Both VGG16 and VGG19 performed well, particularly in terms of recall and F1-score, which can be attributed to their deep, sequential convolutional layers that facilitate extensive feature extraction. VGG19 achieved a recall of 96.21%, narrowly trailing DenseNet121, while VGG16 recorded a recall of 94.96%. However, these models also exhibited a tendency toward overfitting due to their high parameter count and depth, leading to a slight reduction in their overall accuracy compared to DenseNet12150. While, BiT demonstrating respectable performance with an accuracy of 92.33%, lagged behind the other models, particularly in precision (92.22%) and F1-score (92.52%). This may be attributed to reliance of BiT on transfer learning and the specific characteristics of the training dataset, which may not align optimally with the pre-trained model knowledge51.
Impact of semantic segmentation on air temperature classification performance
The implementation of semantic segmentation, particularly through the DeepLabV3 Plus architecture, has demonstrated a significant impact on the classification performance of models for air temperature classification using human clothing images. The results presented in Table 5 illustrate that all models trained on the segmented dataset achieved higher performance metrics compared to those trained on the non-segmented dataset (Table 6), with performance dropping by almost 50%. For instance, the accuracy of the DenseNet121 model on the segmented dataset reached 98.13%, while the same model only achieved 56.62% accuracy on the non-segmented dataset. Figure 10 shows the actual and predicted results generated by DenseNet121 on randomly sampled images from the segmented dataset, further illustrating the impact of segmentation. This stark contrast underscores the critical role that semantic segmentation plays in enhancing the ability of models to discern relevant features from the images, which is essential for accurate classification tasks52,53. The observed drop in performance metrics such as accuracy, sensitivity, specificity, F1-Score, precision, recall, and AUC in the absence of segmentation can be attributed to inability of model to effectively isolate and identify the relevant features of clothing that correlate with varying air temperatures. Without semantic segmentation, the models are presented with cluttered images where the background and irrelevant details can obscure the critical features of clothing, leading to misclassification and reduced sensitivity to temperature related cues54. The segmentation process allows the models to focus on the pertinent regions of interest, thereby improving their ability to generalize and classify accurately. This is particularly important in the context of clothing images, where variations in color, texture, and layering can significantly influence temperature classification outcomes55.
Moreover, the DeepLabV3 Plus architecture employs atrous convolution, which enables the model to capture multi scale contextual information while maintaining spatial resolution. This capability is crucial for semantic segmentation tasks, as it allows the model to learn from a broader context of the image, enhancing its understanding of the relationships between different clothing items and their corresponding temperature classifications52,53. The ability to maintain high spatial resolution while capturing contextual information is a significant advantage that contributes to the superior performance metrics observed in the segmented dataset. In contrast, the non-segmented dataset lacks this refined feature extraction, resulting in a loss of critical information that is necessary for accurate classification54. The necessity of employing semantic segmentation, particularly through advanced architectures like DeepLabV3 Plus, is evident in the substantial improvements in classification performance for air temperature classification using human clothing images. The marked differences in performance metrics between the segmented and non-segmented datasets highlight the importance of isolating relevant features from complex images to enhance model accuracy and reliability. This approach not only improves classification outcomes but also provides a more robust framework for understanding the intricate relationships between clothing attributes and temperature classifications, ultimately leading to more effective applications in real world scenarios52,53.

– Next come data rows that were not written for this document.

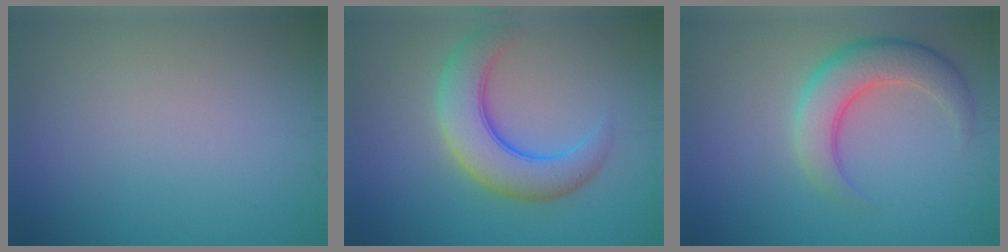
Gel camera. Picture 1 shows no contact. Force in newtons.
{"total": 6.4, "press": 6.4, "slide": 0.3}
{"total": 5.3, "press": 5.3, "slide": 0.4}
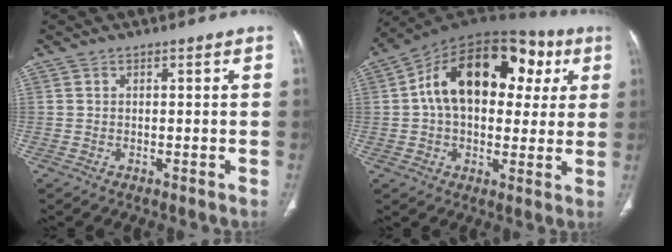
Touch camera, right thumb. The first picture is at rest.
{"total": 23.4, "force": [5.5, 14.5, 17.6], "torque": [-0.244, 0.036, 0.076]}
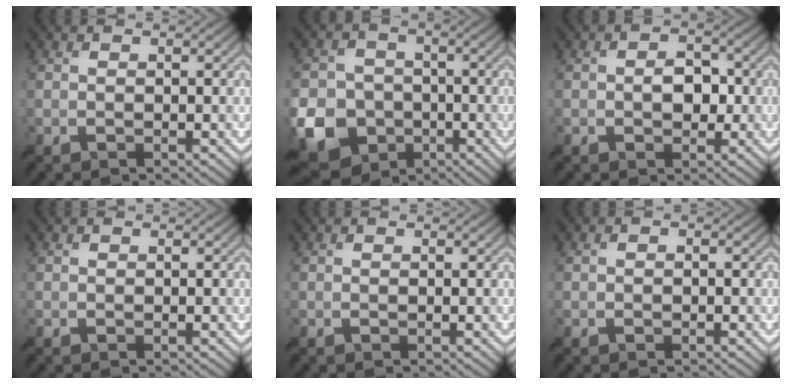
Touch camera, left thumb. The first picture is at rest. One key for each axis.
{"total": 10.9, "fx": -4.1, "fy": 8.7, "fz": 4.9, "tx": -0.138, "ty": -0.037, "tz": -0.085}
{"total": 3.1, "fx": -0.4, "fy": 2.1, "fz": 2.3, "tx": -0.040, "ty": 0.000, "tz": -0.011}
{"total": 0.0}
{"total": 0.0}
{"total": 0.8, "fx": -0.4, "fy": 0.6, "fz": 0.3, "tx": -0.004, "ty": -0.001, "tz": -0.009}
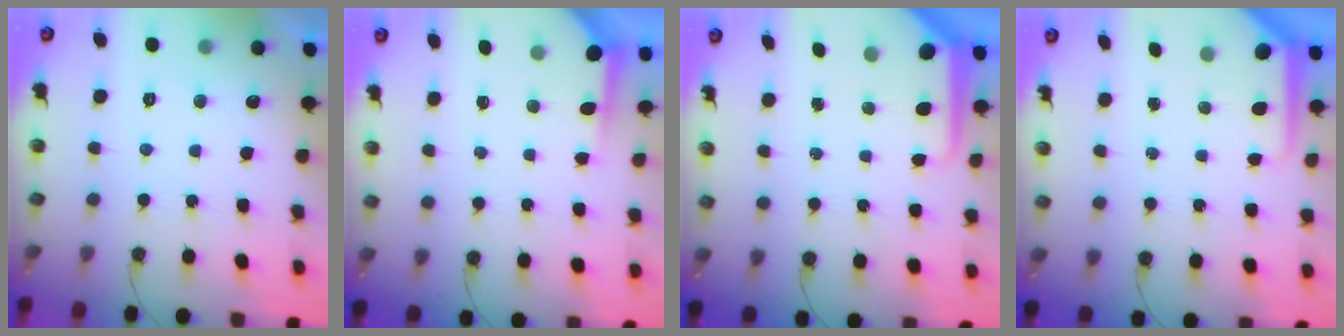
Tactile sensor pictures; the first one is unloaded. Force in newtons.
{"total": 3.8, "press": 3.8, "slide": 0.4}
{"total": 11.3, "press": 11.2, "slide": 1.0}
{"total": 8.9, "press": 8.9, "slide": 0.7}
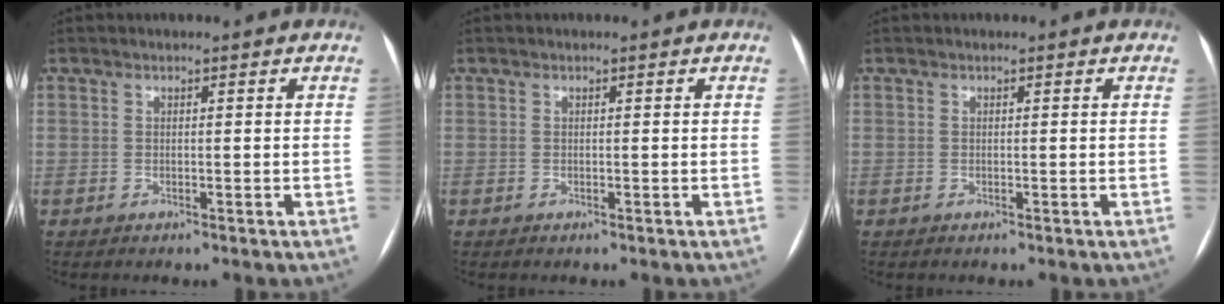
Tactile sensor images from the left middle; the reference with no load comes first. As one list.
[{"total": 0.0}, {"total": 0.0}]
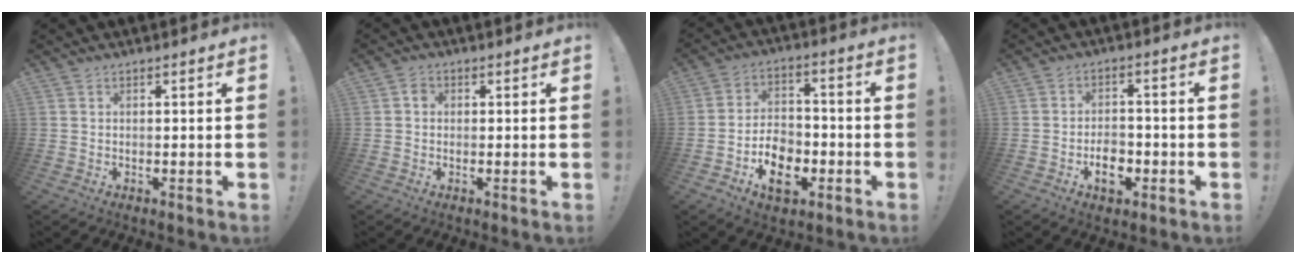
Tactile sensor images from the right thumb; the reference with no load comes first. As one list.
[{"total": 1.5, "force": [0.3, 1.0, 1.0], "torque": [-0.010, 0.002, 0.002]}, {"total": 12.1, "force": [-5.1, 8.4, 7.0], "torque": [-0.107, 0.035, -0.085]}, {"total": 7.4, "force": [-3.1, 5.0, 4.6], "torque": [-0.058, 0.014, -0.052]}]
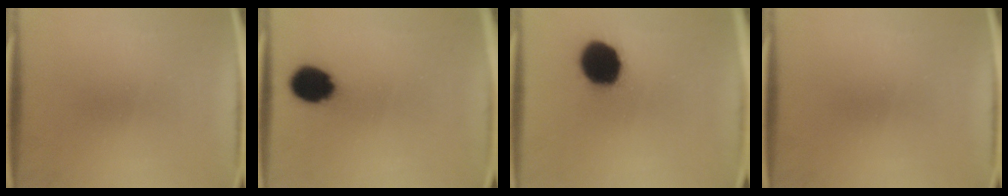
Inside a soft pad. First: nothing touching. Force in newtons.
{"total": 9.4}
{"total": 14.1}
{"total": 0.0}
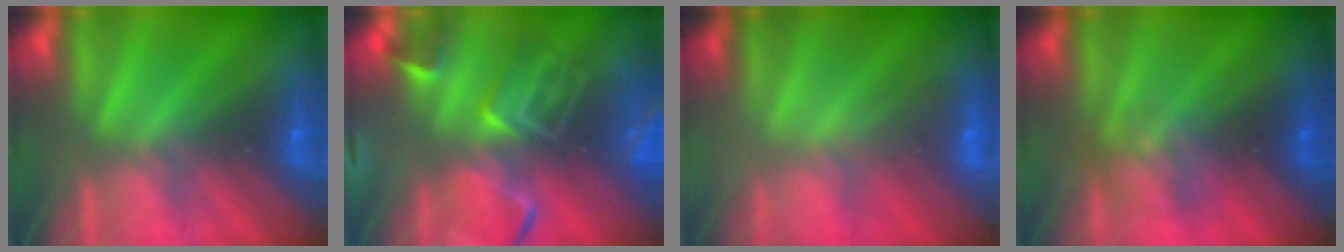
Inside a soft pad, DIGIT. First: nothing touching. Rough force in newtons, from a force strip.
{"total": 8.7}
{"total": 2.3}
{"total": 2.4}
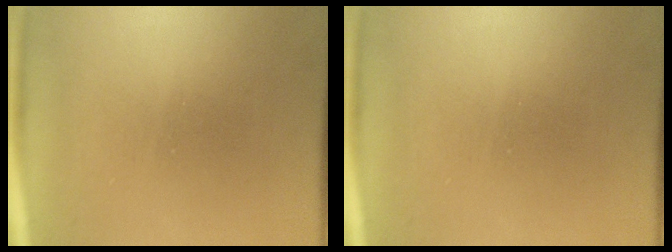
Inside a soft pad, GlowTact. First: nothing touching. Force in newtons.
{"total": 0.0}

To further validate the deep transfer learning methods employed in this study, we applied Gradient-weighted Class Activation Mapping (Grad-CAM) technique56 to visualize the essential pixels and area considered by the model in computation process for classification. The images are randomly selected from test set to perform this approach for all models. Figure 11 shows the resulting images with feature maps, where columns represent images (a) through (f), and rows represent different models. The first row presents the results generated by the BiT model, while the second row shows the results produced by ViT. In (a), (c), and (f) samples, BiT predictions are correct, while (b), (d), and (e) are incorrect predictions. ViT produced four correct predictions: (a), (b), (d), and (f), and two incorrect predictions: (c) and (e). ResNet produced four correct predictions: (a), (b), (d), and (e), and two wrong predictions: (c) and (f). VGG16 and VGG19 both produced five correct predictions. For VGG16, it corrected (a), (c), (d), (e), and (f), while (b) is incorrect. For VGG19, (a), (b), (c), (e), and (f) are correct, and (d) is incorrect. But DenseNet121 made accurate predictions for all six samples. Results show that, compared to other models, DenseNet121 exhibits a preference for broader scopes, integrating a greater amount of contextual feature data due to the depth of convolutional layers in architecture. Following DenseNet121, VGG16 and VGG19 took second place, while BiT, ViT, and ResNet101 demonstrated moderate performance.
Conclusion
Human attire images can represent the temperature levels induced by various weather phenomena. Deep learning is a powerful technique for detecting temperature levels using images. This paper presents a deep transfer learning framework for detecting temperature levels from mobile images. The framework consists of six different powerful deep learning models applied on HAID dataset for the classification task, including BigTransfer (BiT), Vision Transformer (ViT), ResNet101, VGG16, VGG19, and DenseNet121. DeepLabV3 Plus was also applied for semantic segmentation job. Furthermore, the Grad-CAM technique was performed to assess the classification performance and visualize the feature maps. The classification results, covering all metrics, demonstrate that DenseNet1121 outperformed other models in the classification of human attire images into high and low temperature classes. The developed system can be applied in weather phenomena recognition and environmental monitoring.
Data availability
All data generated or analyzed during this study are included in this published article and its supplementary information files.
References
Cai, Z., Jiang, F., Chen, J., Jiang, Z. & Wang, X. Weather condition dominates regional PM2. 5 pollutions in the eastern coastal provinces of China during winter. Aerosol Air Qual. Res. 18(4), 969–980 (2018).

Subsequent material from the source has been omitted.